## Work to be completed
At the line containing "Q: x-height? A: Large.", begin an exact copy of the lines below and continue through the final one, with no pictures.

Extracted material Block Start

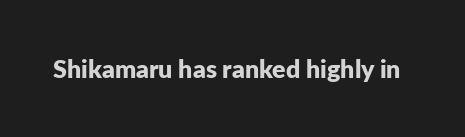
Q: Is the text bold? A: Yes.
Q: Is the text italic (slanted)? A: No, it is upright.
Q: Is the text underlined? A: No.
Q: Is the spacing between letters normal or unusually wide? A: Normal.
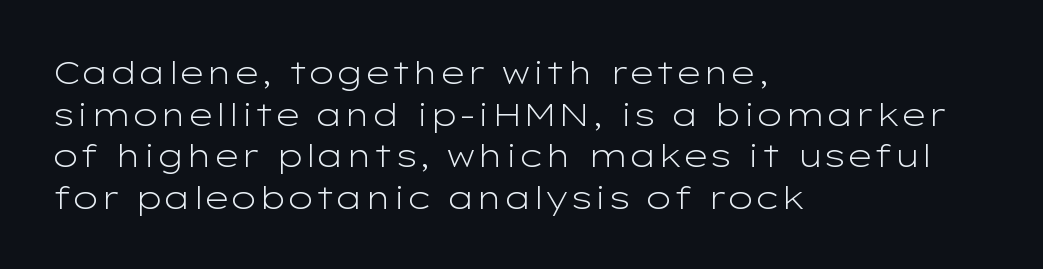
The image shows 32 px light, wide sans-serif type, upright; set left-aligned, normal line spacing (1.3x), normal letter spacing, not underlined; low stroke contrast and a medium x-height.
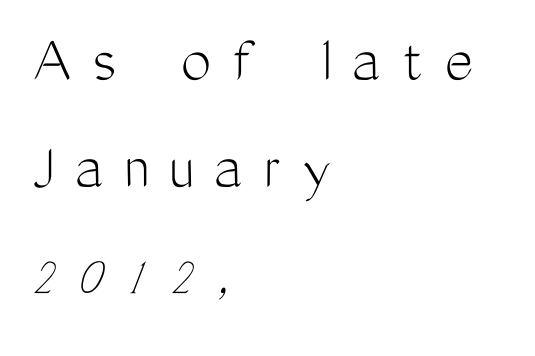
Q: Is the text bold? A: No.
Q: Is the text italic (slanted)? A: No, it is upright.
Q: Is the typeface a serif or a sans-serif typeface? A: Sans-serif.
Q: Is the text underlined? A: No.
Q: How is the paragraph aligned? A: Left-aligned.
Q: Is the spacing between letters normal or unusually wide? A: Unusually wide.
Q: Is the spacing between lines tight, normal or loose? A: Normal.
Q: Width (condensed, normal, or wide)? A: Condensed.
Q: Stroke contrast? A: Medium.
Q: x-height? A: Medium.
Q: Monospaced? A: No.
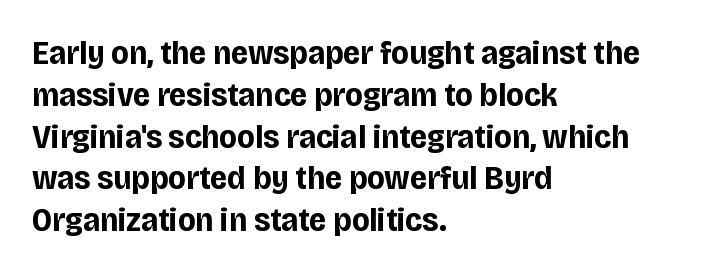
Q: Is the text bold? A: Yes.
Q: Is the text italic (slanted)? A: No, it is upright.
Q: Is the typeface a serif or a sans-serif typeface? A: Sans-serif.
Q: Is the text underlined? A: No.
Q: How is the paragraph aligned? A: Left-aligned.
Q: Is the spacing between letters normal or unusually wide? A: Normal.
Q: Width (condensed, normal, or wide)? A: Condensed.
Q: Stroke contrast? A: Low.
Q: x-height? A: Large.
Q: Monospaced? A: No.
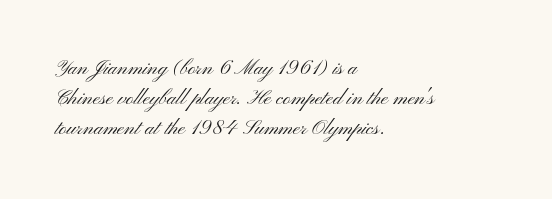
Q: Is the text bold? A: No.
Q: Is the text italic (slanted)? A: Yes.
Q: Is the text underlined? A: No.
Q: How is the paragraph aligned? A: Left-aligned.
Q: Is the spacing between letters normal or unusually wide? A: Normal.
Q: Is the spacing between lines tight, normal or loose? A: Normal.
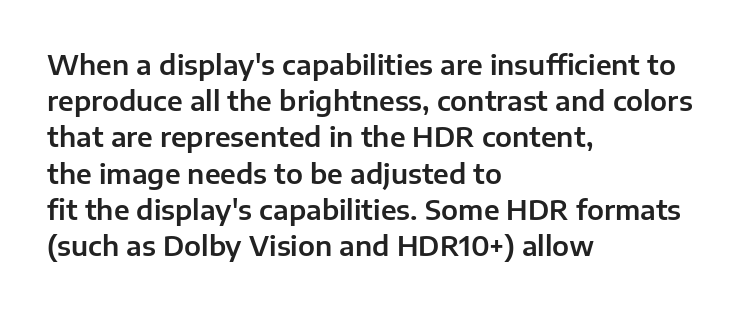
Q: Is the text italic (slanted)? A: No, it is upright.
Q: Is the text underlined? A: No.
Q: How is the paragraph aligned? A: Left-aligned.
Q: Is the spacing between letters normal or unusually wide? A: Normal.
Q: Is the spacing between lines tight, normal or loose? A: Normal.

Extracted material Block End

## Task response
Q: x-height? A: Large.
Q: Monospaced? A: No.
Q: Is the text bold? A: No.
Q: Is the text italic (slanted)? A: Yes.
Q: Is the text underlined? A: No.
Q: How is the paragraph aligned? A: Left-aligned.
Q: Is the spacing between letters normal or unusually wide? A: Normal.
Q: Is the spacing between lines tight, normal or loose? A: Normal.
Q: Is the text italic (slanted)? A: No, it is upright.
Q: Is the text underlined? A: No.
Q: How is the paragraph aligned? A: Left-aligned.
Q: Is the spacing between letters normal or unusually wide? A: Normal.
Q: Is the spacing between lines tight, normal or loose? A: Normal.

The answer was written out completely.